----- EXERCISE INPUTS -----
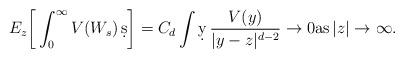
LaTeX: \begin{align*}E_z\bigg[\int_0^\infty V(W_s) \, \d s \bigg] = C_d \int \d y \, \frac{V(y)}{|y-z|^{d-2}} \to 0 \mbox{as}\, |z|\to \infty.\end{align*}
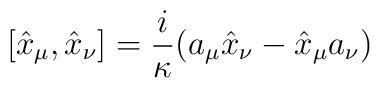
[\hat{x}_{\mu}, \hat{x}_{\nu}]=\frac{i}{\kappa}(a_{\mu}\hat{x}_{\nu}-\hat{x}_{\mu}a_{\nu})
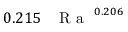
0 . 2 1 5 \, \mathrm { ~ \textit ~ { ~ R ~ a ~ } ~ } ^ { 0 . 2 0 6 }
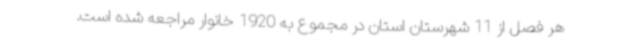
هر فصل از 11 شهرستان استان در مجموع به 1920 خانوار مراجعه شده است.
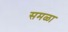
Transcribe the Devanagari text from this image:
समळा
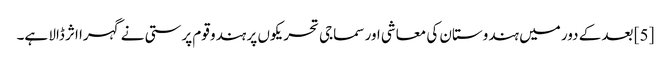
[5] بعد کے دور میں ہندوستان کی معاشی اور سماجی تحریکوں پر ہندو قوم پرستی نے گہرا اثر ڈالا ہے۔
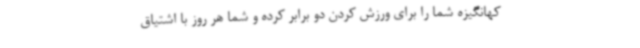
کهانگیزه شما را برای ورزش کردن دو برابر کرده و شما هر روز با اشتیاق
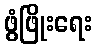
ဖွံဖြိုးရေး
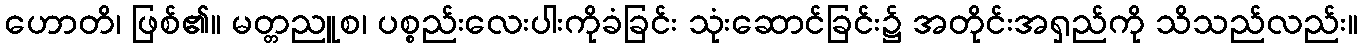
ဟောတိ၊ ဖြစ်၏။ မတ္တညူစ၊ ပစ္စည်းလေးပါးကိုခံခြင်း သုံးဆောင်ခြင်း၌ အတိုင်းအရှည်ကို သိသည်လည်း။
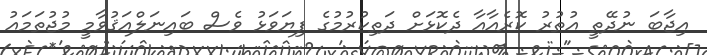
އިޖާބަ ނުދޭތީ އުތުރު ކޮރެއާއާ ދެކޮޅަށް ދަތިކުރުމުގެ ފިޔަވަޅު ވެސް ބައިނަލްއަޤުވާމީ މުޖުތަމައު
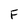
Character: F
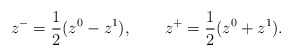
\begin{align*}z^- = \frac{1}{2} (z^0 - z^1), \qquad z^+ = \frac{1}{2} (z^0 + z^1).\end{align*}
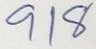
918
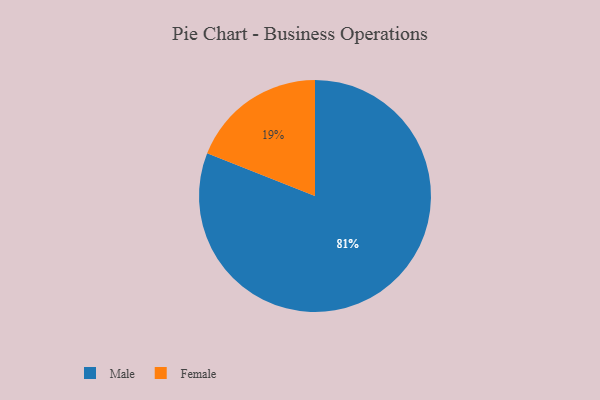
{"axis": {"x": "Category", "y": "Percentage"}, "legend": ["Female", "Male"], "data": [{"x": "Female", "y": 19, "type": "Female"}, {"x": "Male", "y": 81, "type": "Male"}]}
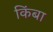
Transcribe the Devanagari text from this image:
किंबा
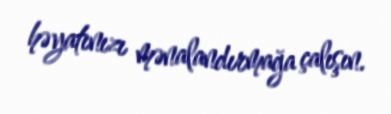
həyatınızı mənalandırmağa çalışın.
-----
Pictures are not part of the copy. Return every record exactly.

*TASK SOLUTION*.
LaTeX: \begin{align*}E_z\bigg[\int_0^\infty V(W_s) \, \d s \bigg] = C_d \int \d y \, \frac{V(y)}{|y-z|^{d-2}} \to 0 \mbox{as}\, |z|\to \infty.\end{align*}
[\hat{x}_{\mu}, \hat{x}_{\nu}]=\frac{i}{\kappa}(a_{\mu}\hat{x}_{\nu}-\hat{x}_{\mu}a_{\nu})
0 . 2 1 5 \, \mathrm { ~ \textit ~ { ~ R ~ a ~ } ~ } ^ { 0 . 2 0 6 }
هر فصل از 11 شهرستان استان در مجموع به 1920 خانوار مراجعه شده است.
Transcribe the Devanagari text from this image:
समळा
[5] بعد کے دور میں ہندوستان کی معاشی اور سماجی تحریکوں پر ہندو قوم پرستی نے گہرا اثر ڈالا ہے۔
کهانگیزه شما را برای ورزش کردن دو برابر کرده و شما هر روز با اشتیاق
ဖွံဖြိုးရေး
ဟောတိ၊ ဖြစ်၏။ မတ္တညူစ၊ ပစ္စည်းလေးပါးကိုခံခြင်း သုံးဆောင်ခြင်း၌ အတိုင်းအရှည်ကို သိသည်လည်း။
އިޖާބަ ނުދޭތީ އުތުރު ކޮރެއާއާ ދެކޮޅަށް ދަތިކުރުމުގެ ފިޔަވަޅު ވެސް ބައިނަލްއަޤުވާމީ މުޖުތަމައު
Character: F
\begin{align*}z^- = \frac{1}{2} (z^0 - z^1), \qquad z^+ = \frac{1}{2} (z^0 + z^1).\end{align*}
918
{"axis": {"x": "Category", "y": "Percentage"}, "legend": ["Female", "Male"], "data": [{"x": "Female", "y": 19, "type": "Female"}, {"x": "Male", "y": 81, "type": "Male"}]}
Transcribe the Devanagari text from this image:
किंबा
həyatınızı mənalandırmağa çalışın.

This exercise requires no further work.